Last Comment Bug 724129 - crash in nsXBLDocumentInfo::cycleCollection::Traverse (caused by addons?)
: crash in nsXBLDocumentInfo::cycleCollection::Traverse (caused by addons?)
Status: RESOLVED FIXED
: crash, reproducible, topcrash
Product: Core
Classification: Components
Component: XBL (show other bugs)
: 10 Branch
: All All
: -- critical with 1 vote (vote)
: mozilla10
Assigned To: Nobody; OK to take it and work on it
:
: Andrew Overholt [:overholt]
Mentors:
: 724267 (view as bug list)
Depends on:
Blocks: 469267
  Show dependency treegraph
 
Reported: 2012-02-03 15:14 PST by Andrew McCreight [:mccr8]
Modified: 2012-02-13 05:05 PST (History)
14 users (show)
See Also:
Crash Signature:
QA Whiteboard:
Iteration: ---
Points: ---
Has Regression Range: ---
Has STR: ---
+


Attachments
Some Toolbar Correlations (13.71 KB, text/html)
2012-02-04 08:41 PST, Marcia Knous [:marcia - use ni]
no flags Details

Description Andrew McCreight [:mccr8] 2012-02-03 15:14:28 PST
NoteXPCOMChild is showing up as the top crash in 10, after the giant pile of empty stacks.  If I am reading this right, it is about 18.7% of crashes in 10.  It was about 2% of crashes in 10b3, 5% in 10 beta5 and 12% in beta 6.

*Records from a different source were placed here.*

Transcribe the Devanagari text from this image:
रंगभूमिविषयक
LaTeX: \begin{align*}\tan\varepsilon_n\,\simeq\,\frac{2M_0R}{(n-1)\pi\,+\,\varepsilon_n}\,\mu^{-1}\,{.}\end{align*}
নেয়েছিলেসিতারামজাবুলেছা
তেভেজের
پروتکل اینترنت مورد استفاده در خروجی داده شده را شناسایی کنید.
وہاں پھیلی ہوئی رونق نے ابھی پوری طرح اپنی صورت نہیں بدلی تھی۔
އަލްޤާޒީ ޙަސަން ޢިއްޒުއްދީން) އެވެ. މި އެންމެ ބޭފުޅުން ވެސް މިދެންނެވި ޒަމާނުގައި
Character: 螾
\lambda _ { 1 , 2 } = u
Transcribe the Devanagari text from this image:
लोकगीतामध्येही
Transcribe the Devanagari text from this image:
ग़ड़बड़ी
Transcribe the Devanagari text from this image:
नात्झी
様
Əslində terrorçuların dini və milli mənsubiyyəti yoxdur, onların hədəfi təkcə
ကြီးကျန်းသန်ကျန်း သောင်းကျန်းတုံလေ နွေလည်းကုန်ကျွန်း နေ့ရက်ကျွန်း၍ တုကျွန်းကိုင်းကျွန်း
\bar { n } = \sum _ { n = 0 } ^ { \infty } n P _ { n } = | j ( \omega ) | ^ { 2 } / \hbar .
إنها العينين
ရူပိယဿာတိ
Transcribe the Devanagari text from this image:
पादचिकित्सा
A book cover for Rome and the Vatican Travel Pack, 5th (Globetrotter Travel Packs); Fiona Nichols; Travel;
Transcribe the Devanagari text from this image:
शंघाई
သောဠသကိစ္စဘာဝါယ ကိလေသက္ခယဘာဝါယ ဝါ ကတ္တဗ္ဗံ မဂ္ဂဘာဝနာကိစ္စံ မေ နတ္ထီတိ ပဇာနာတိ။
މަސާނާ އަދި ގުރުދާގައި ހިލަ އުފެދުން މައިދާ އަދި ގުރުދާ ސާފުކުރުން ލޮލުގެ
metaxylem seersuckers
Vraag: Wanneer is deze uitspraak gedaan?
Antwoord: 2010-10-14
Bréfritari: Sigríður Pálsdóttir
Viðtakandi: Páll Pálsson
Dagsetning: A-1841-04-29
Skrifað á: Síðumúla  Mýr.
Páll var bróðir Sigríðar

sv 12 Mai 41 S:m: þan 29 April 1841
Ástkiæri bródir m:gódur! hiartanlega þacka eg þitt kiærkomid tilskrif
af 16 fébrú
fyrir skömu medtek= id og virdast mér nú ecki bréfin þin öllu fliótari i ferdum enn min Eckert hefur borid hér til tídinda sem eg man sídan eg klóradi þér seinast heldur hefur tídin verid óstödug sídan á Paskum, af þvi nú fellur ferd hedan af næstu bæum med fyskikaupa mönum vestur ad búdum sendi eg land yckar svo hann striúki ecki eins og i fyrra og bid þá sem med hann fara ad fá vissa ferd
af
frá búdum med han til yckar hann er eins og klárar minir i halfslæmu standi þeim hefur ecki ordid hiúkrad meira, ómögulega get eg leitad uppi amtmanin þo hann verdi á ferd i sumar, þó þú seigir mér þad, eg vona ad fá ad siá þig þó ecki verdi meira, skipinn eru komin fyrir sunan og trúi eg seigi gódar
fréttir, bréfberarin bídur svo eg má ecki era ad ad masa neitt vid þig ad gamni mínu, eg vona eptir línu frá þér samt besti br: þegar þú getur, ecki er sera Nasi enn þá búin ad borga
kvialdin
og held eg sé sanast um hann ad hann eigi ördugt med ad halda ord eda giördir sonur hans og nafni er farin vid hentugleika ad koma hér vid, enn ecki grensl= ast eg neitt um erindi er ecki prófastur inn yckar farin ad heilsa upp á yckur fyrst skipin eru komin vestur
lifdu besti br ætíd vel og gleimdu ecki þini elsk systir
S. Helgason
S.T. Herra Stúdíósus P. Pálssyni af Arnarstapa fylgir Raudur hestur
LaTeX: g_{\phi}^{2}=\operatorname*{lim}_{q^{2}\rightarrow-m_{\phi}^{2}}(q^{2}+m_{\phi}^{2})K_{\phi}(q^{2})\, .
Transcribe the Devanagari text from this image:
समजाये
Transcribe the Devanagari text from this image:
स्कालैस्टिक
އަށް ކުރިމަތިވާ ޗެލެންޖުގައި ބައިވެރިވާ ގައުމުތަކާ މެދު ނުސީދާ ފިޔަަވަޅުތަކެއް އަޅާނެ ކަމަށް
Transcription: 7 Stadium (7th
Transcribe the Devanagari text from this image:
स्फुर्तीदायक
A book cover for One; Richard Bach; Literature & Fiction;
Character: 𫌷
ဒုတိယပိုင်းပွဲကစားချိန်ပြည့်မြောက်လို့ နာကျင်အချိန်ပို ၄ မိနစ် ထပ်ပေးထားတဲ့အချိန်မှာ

All the ones I've looked at look like this:

1 	xul.dll 	GCGraphBuilder::NoteXPCOMChild 	xpcom/base/nsCycleCollector.cpp:1710
2 	xul.dll 	TraverseBinding 	content/xbl/src/nsXBLPrototypeBinding.cpp:389
3 	xul.dll 	hashEnumerate 	xpcom/ds/nsHashtable.cpp:130
4 	xul.dll 	PL_DHashTableEnumerate 	obj-firefox/xpcom/build/pldhash.cpp:755
5 	xul.dll 	TraverseProtos 	content/xbl/src/nsXBLDocumentInfo.cpp:435
6 	xul.dll 	hashEnumerate 	xpcom/ds/nsHashtable.cpp:130
7 	xul.dll 	PL_DHashTableEnumerate 	obj-firefox/xpcom/build/pldhash.cpp:755
8 	xul.dll 	nsXBLDocumentInfo::cycleCollection::Traverse 	content/xbl/src/nsXBLDocumentInfo.cpp:473

Correlations suggest it may be addon related.
Comment 1 Andrew McCreight [:mccr8] 2012-02-03 15:15:37 PST
NoteXPCOMChild is only about 2% of crashes in 11, which kind of suggests it isn't a code change.  But who knows.
Comment 2 Andrew McCreight [:mccr8] 2012-02-03 15:37:01 PST
Looks like they are mostly happening within 15 seconds, so probably the first or second CC after startup.
Comment 3 Andrew McCreight [:mccr8] 2012-02-03 16:07:17 PST
Neal and bz: JST and I were looking over the XBL code, and it looks like Read/WritePrototypeBindings is new in 10 (bug 94199).  Is it possible that this could cause some kind of startup crash after upgrading from 9?
Comment 4 Boris Zbarsky [:bz] (still a bit busy) 2012-02-03 18:39:50 PST
Possible, sure...

None of the crashes I see have the stack from comment 0, though.  I do see some crashing from the NoteXPCOMChild(mBinding) call in nsXBLPrototypeBinding::Traverse.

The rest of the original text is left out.